**Work instruction**
Retrieve each line that contains the word "nicht" from the entries below.

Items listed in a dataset
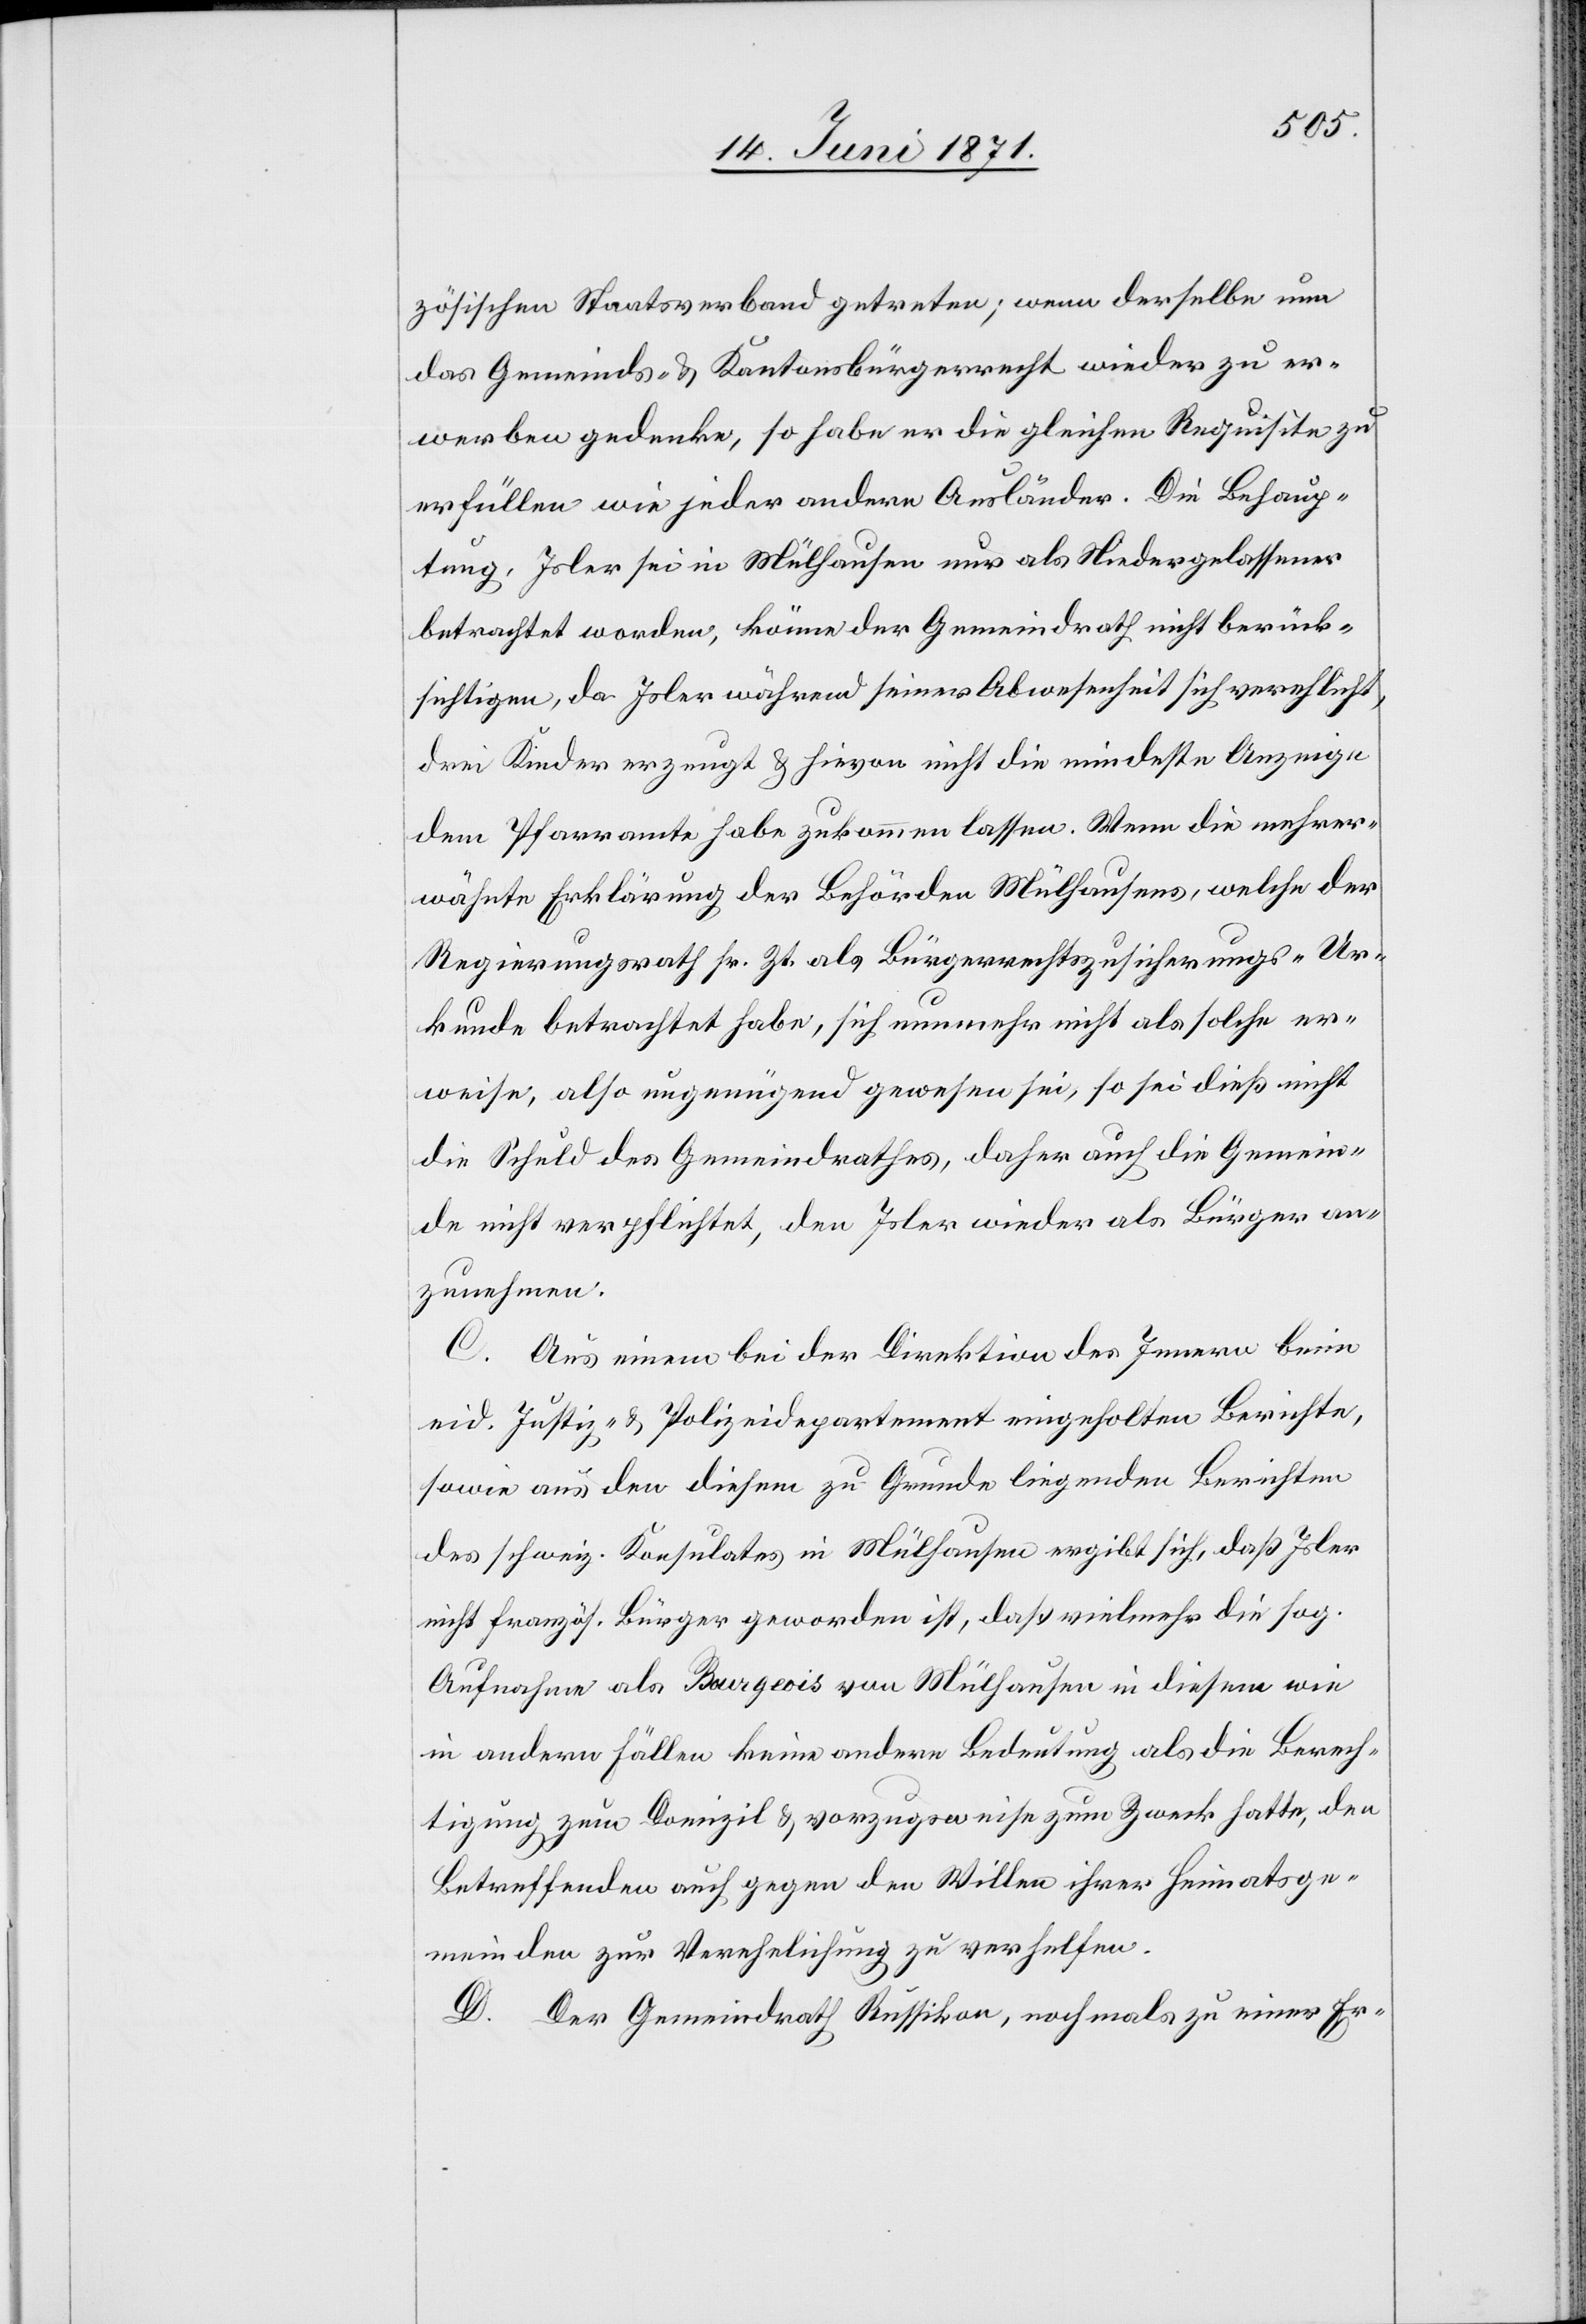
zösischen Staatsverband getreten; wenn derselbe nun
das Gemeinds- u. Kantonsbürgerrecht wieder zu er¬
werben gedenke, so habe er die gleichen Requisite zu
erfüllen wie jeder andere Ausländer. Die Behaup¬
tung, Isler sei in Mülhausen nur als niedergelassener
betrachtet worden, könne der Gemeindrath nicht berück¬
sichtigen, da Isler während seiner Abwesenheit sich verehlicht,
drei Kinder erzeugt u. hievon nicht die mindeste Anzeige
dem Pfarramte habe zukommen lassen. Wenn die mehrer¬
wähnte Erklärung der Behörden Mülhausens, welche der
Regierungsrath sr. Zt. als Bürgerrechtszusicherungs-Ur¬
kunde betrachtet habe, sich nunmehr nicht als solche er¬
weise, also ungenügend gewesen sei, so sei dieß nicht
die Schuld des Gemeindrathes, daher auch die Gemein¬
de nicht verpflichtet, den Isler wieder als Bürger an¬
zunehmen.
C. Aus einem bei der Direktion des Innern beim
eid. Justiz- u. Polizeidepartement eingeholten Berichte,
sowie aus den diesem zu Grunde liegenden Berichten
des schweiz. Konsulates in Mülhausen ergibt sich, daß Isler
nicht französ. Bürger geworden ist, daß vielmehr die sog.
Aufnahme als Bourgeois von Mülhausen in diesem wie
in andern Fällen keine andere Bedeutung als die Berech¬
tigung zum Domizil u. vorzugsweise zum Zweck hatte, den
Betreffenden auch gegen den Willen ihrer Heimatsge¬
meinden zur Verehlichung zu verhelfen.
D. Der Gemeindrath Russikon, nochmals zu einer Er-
---
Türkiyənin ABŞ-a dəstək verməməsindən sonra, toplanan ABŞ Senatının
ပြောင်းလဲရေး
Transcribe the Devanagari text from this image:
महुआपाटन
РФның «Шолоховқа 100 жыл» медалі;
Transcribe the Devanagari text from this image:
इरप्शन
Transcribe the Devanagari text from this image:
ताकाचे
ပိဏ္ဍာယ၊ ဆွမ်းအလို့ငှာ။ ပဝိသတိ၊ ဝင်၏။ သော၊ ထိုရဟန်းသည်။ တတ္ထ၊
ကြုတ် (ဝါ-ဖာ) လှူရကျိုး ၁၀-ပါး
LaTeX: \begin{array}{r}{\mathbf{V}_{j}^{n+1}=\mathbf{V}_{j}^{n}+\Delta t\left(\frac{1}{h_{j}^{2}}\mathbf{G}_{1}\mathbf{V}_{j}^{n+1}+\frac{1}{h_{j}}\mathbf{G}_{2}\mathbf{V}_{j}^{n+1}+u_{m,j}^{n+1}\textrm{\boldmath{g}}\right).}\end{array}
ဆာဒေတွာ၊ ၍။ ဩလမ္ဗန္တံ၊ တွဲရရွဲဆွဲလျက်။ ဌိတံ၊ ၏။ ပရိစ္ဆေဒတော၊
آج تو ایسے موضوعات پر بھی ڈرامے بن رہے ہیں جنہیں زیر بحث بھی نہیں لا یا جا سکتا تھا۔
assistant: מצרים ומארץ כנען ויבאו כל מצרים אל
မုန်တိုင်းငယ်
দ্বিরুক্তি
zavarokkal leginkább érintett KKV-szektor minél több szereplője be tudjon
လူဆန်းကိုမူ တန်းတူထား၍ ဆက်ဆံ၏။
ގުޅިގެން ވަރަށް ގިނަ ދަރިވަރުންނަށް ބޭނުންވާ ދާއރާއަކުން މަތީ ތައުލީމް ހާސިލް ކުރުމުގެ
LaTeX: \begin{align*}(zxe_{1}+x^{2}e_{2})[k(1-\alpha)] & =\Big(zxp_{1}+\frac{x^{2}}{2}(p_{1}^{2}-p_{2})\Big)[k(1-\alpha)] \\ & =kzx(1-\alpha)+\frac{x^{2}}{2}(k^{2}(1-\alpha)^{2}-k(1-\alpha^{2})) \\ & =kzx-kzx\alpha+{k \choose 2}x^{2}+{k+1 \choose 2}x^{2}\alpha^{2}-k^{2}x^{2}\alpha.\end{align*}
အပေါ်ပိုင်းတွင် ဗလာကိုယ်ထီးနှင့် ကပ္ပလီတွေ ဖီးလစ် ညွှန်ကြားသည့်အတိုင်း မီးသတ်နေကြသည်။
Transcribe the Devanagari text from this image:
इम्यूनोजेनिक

**Output for this exercise**
betrachtet worden, könne der Gemeindrath nicht berück¬
drei Kinder erzeugt u. hievon nicht die mindeste Anzeige
kunde betrachtet habe, sich nunmehr nicht als solche er¬
weise, also ungenügend gewesen sei, so sei dieß nicht
de nicht verpflichtet, den Isler wieder als Bürger an¬
nicht französ. Bürger geworden ist, daß vielmehr die sog.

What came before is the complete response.